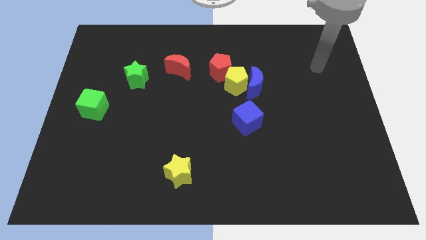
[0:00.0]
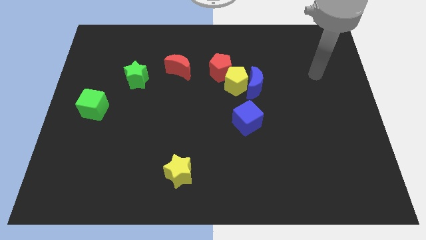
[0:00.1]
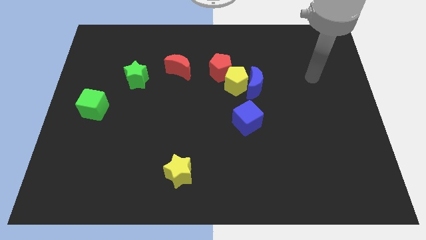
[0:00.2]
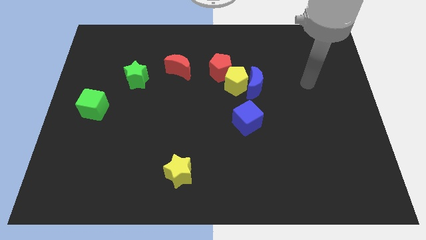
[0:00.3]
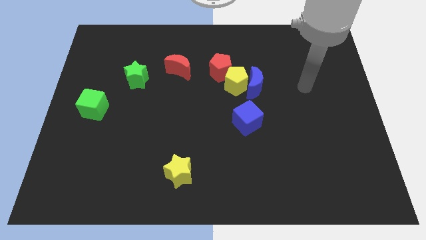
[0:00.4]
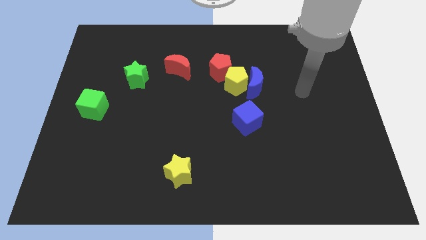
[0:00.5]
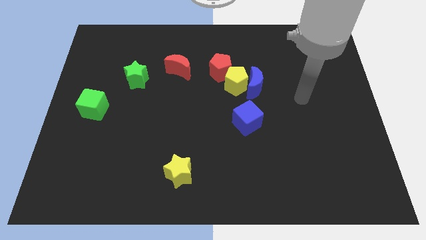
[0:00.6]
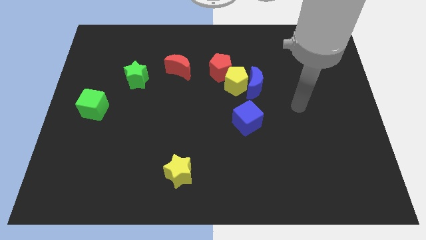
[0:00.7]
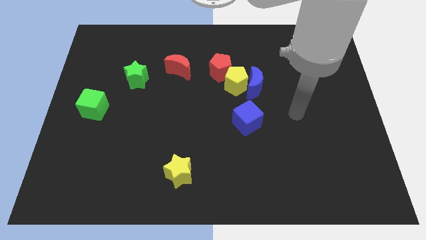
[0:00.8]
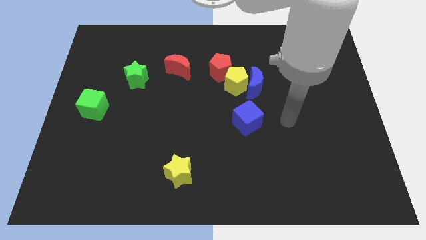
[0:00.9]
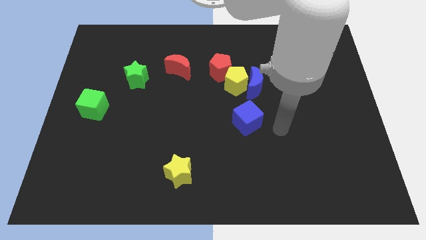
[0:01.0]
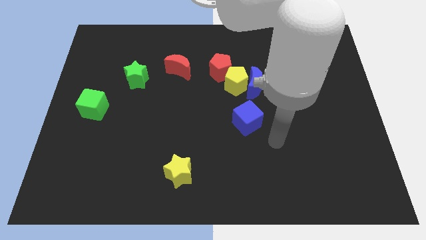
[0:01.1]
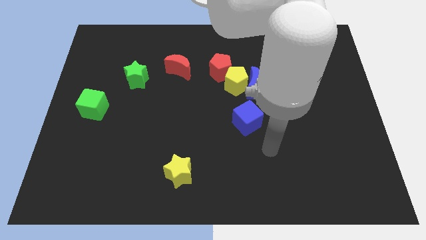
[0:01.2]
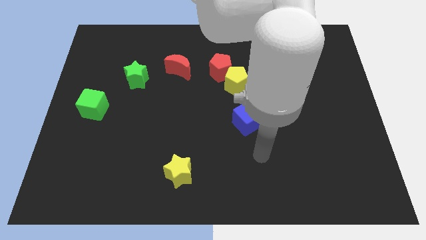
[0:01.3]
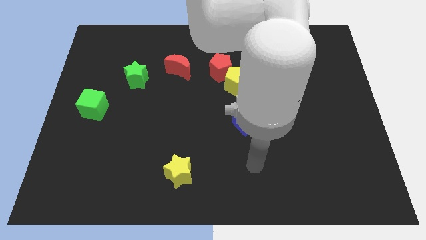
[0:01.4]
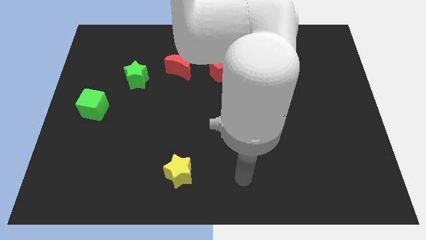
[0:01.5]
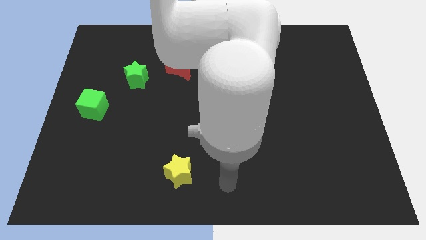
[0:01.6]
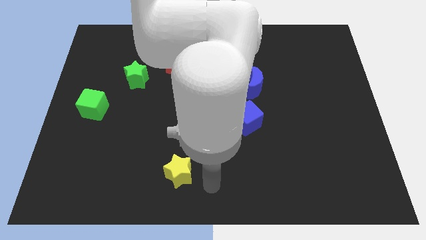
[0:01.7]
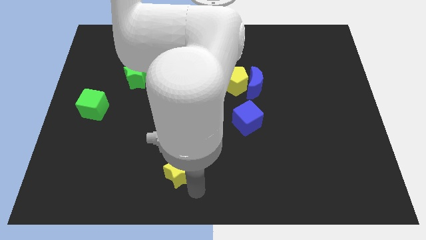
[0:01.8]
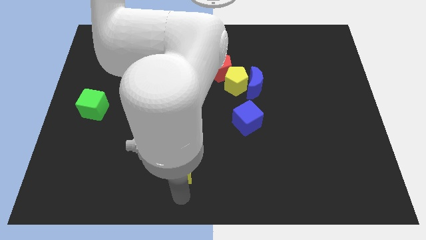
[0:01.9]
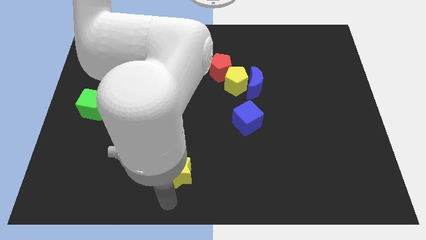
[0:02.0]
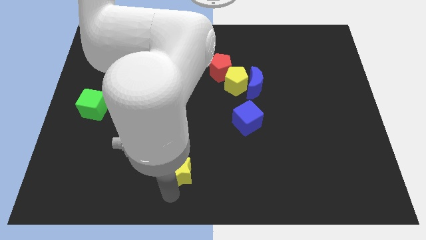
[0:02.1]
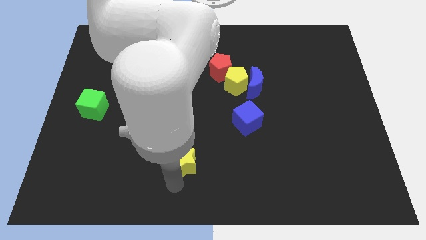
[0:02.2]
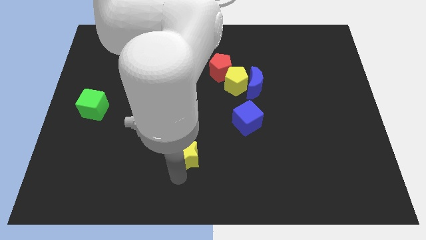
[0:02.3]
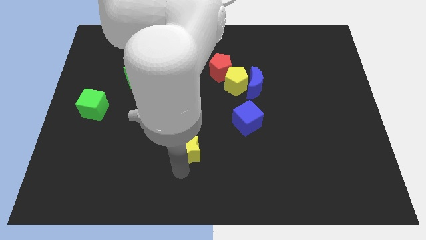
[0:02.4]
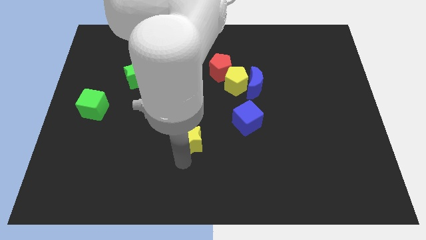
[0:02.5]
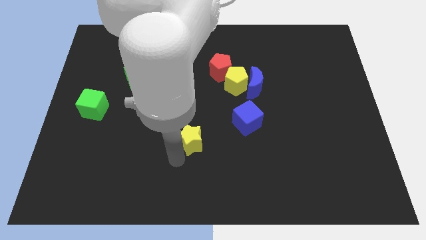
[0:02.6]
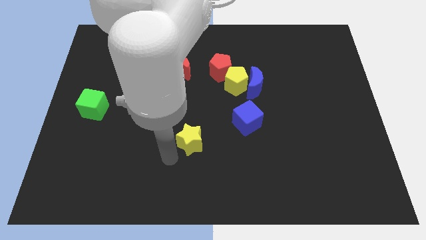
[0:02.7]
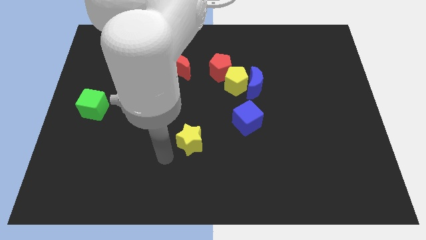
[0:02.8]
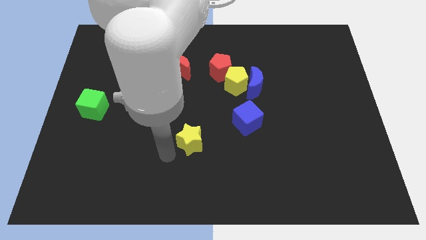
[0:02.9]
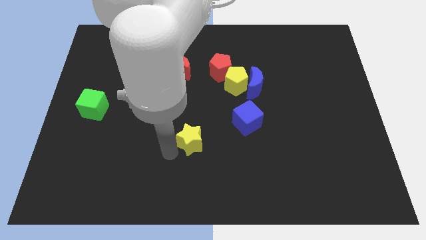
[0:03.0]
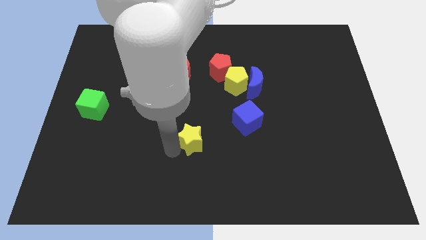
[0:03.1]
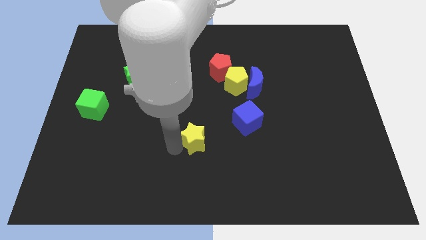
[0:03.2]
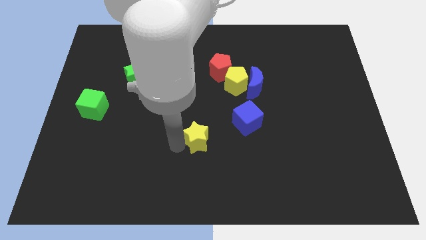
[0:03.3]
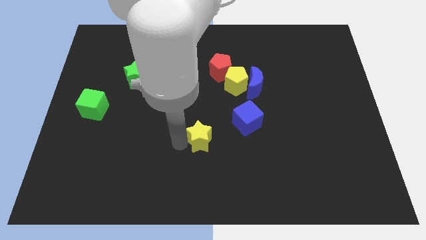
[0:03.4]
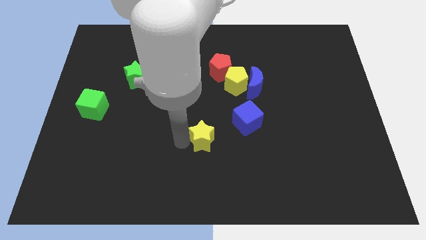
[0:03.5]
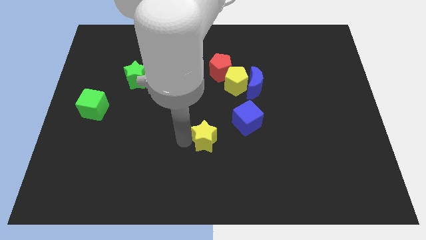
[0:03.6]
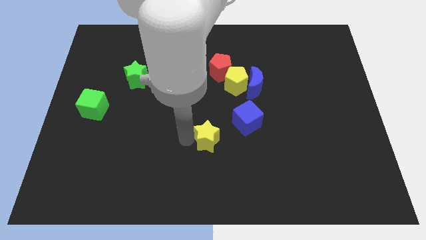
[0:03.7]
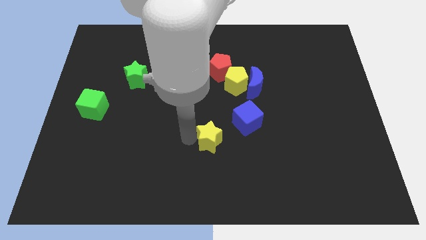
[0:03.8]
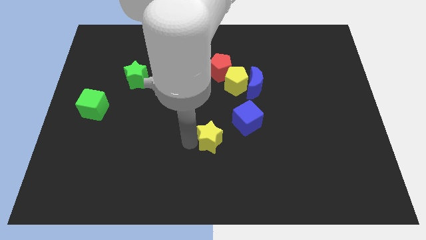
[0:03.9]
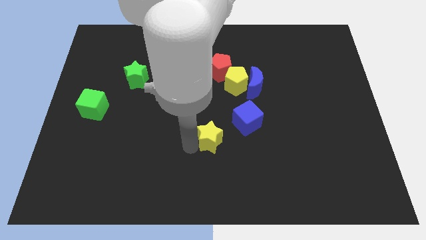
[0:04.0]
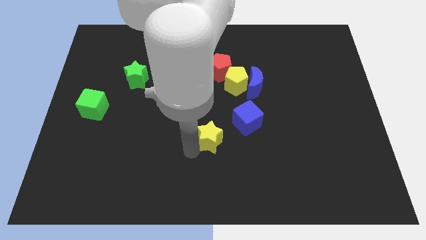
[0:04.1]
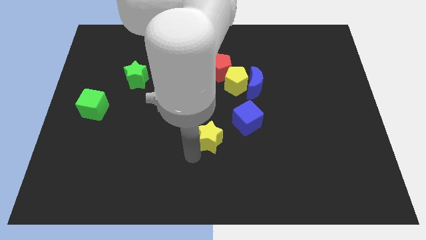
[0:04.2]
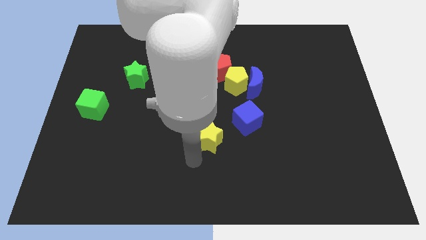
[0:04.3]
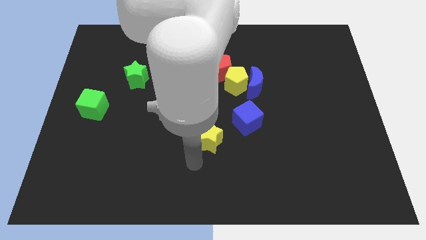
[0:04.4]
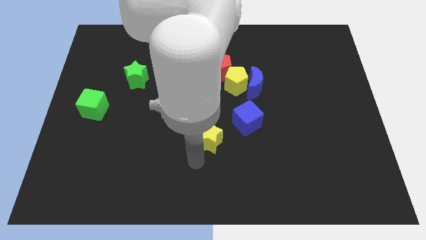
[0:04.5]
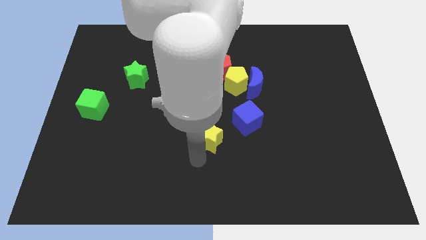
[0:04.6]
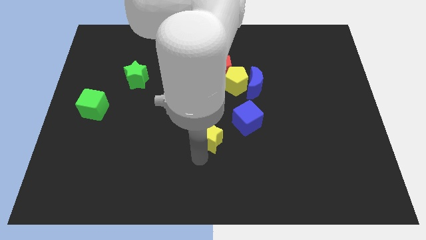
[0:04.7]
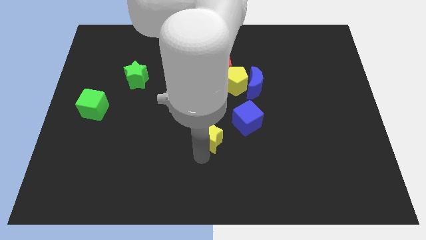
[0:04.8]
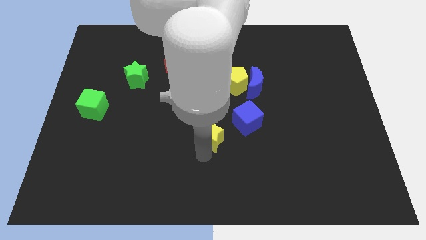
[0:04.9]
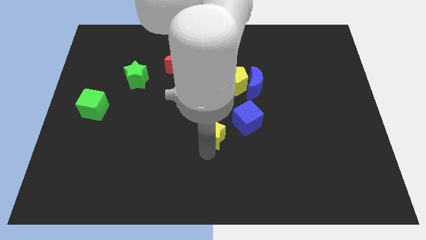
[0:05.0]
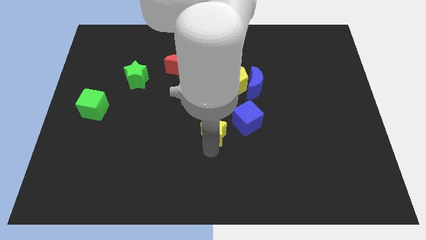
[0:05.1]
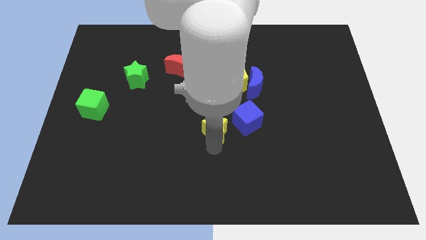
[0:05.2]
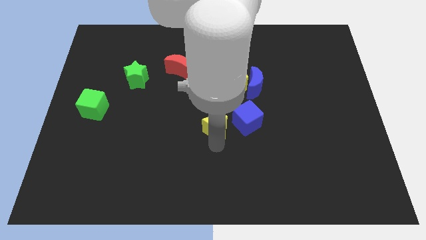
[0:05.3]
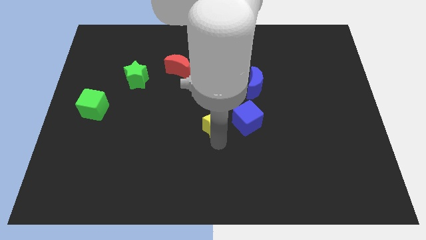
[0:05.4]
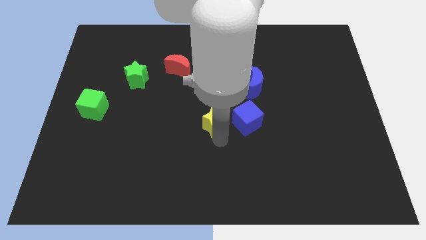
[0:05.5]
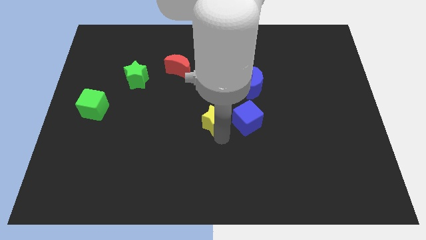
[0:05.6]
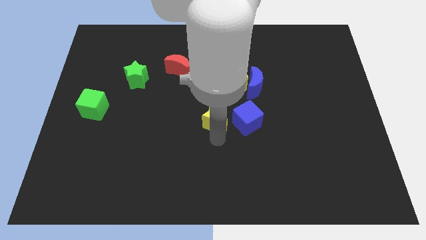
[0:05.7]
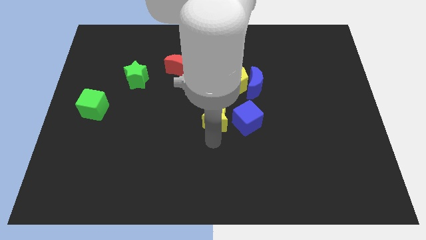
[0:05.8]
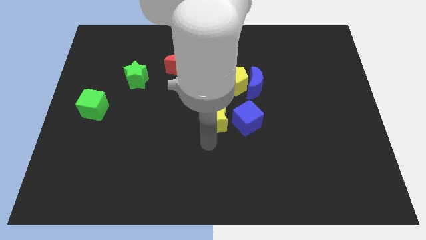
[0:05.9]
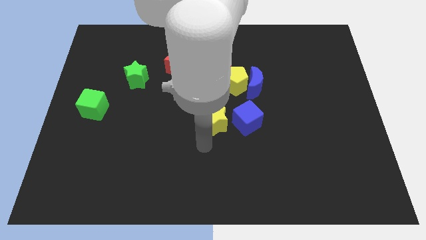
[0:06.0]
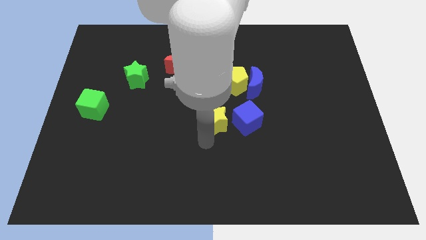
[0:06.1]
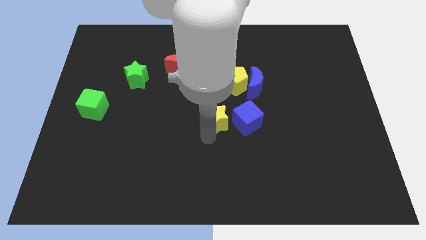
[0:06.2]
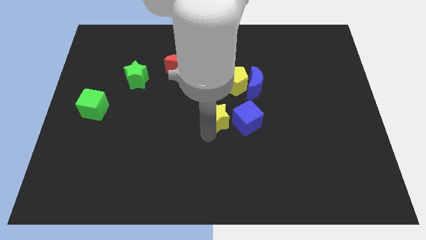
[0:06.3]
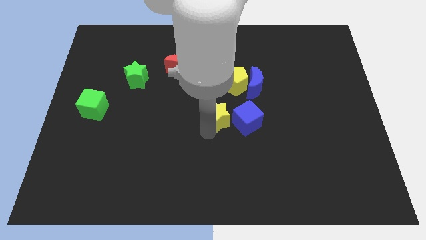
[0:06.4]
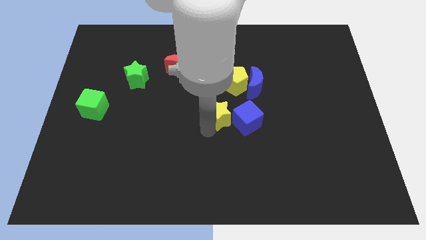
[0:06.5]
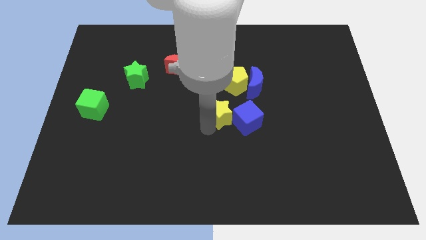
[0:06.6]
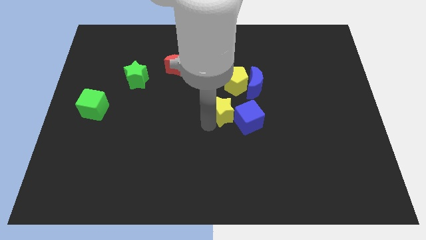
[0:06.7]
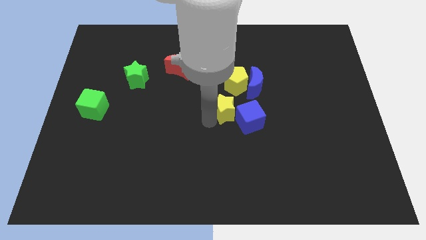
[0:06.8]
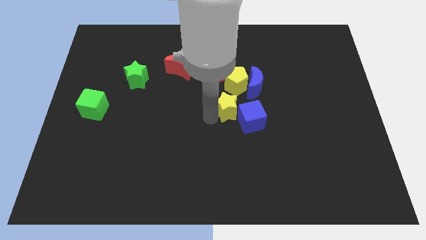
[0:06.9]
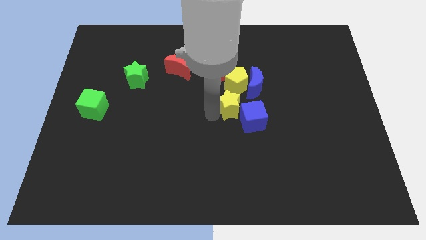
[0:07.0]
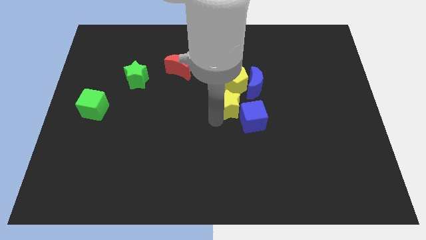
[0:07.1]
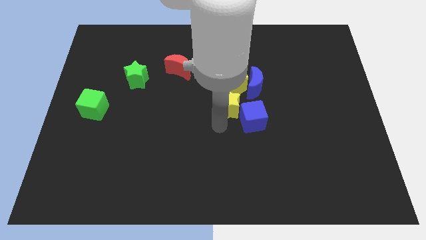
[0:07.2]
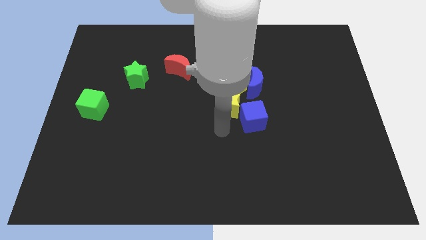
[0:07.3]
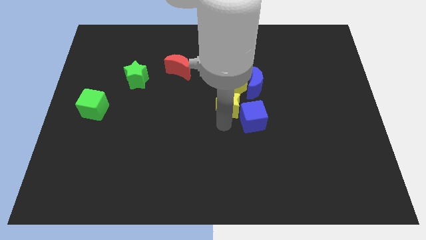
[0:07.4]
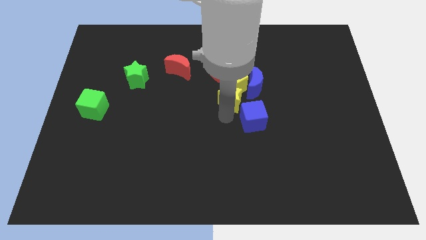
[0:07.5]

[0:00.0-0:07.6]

--- PROBLEM TO WORK ON ---
Before printing anything, remove the pictures; then print all the records exactly.

--- OUTPUT FOR THIS TASK ---
[0:00.0]
[0:00.1]
[0:00.2]
[0:00.3]
[0:00.4]
[0:00.5]
[0:00.6]
[0:00.7]
[0:00.8]
[0:00.9]
[0:01.0]
[0:01.1]
[0:01.2]
[0:01.3]
[0:01.4]
[0:01.5]
[0:01.6]
[0:01.7]
[0:01.8]
[0:01.9]
[0:02.0]
[0:02.1]
[0:02.2]
[0:02.3]
[0:02.4]
[0:02.5]
[0:02.6]
[0:02.7]
[0:02.8]
[0:02.9]
[0:03.0]
[0:03.1]
[0:03.2]
[0:03.3]
[0:03.4]
[0:03.5]
[0:03.6]
[0:03.7]
[0:03.8]
[0:03.9]
[0:04.0]
[0:04.1]
[0:04.2]
[0:04.3]
[0:04.4]
[0:04.5]
[0:04.6]
[0:04.7]
[0:04.8]
[0:04.9]
[0:05.0]
[0:05.1]
[0:05.2]
[0:05.3]
[0:05.4]
[0:05.5]
[0:05.6]
[0:05.7]
[0:05.8]
[0:05.9]
[0:06.0]
[0:06.1]
[0:06.2]
[0:06.3]
[0:06.4]
[0:06.5]
[0:06.6]
[0:06.7]
[0:06.8]
[0:06.9]
[0:07.0]
[0:07.1]
[0:07.2]
[0:07.3]
[0:07.4]
[0:07.5]

[0:00.0-0:07.6]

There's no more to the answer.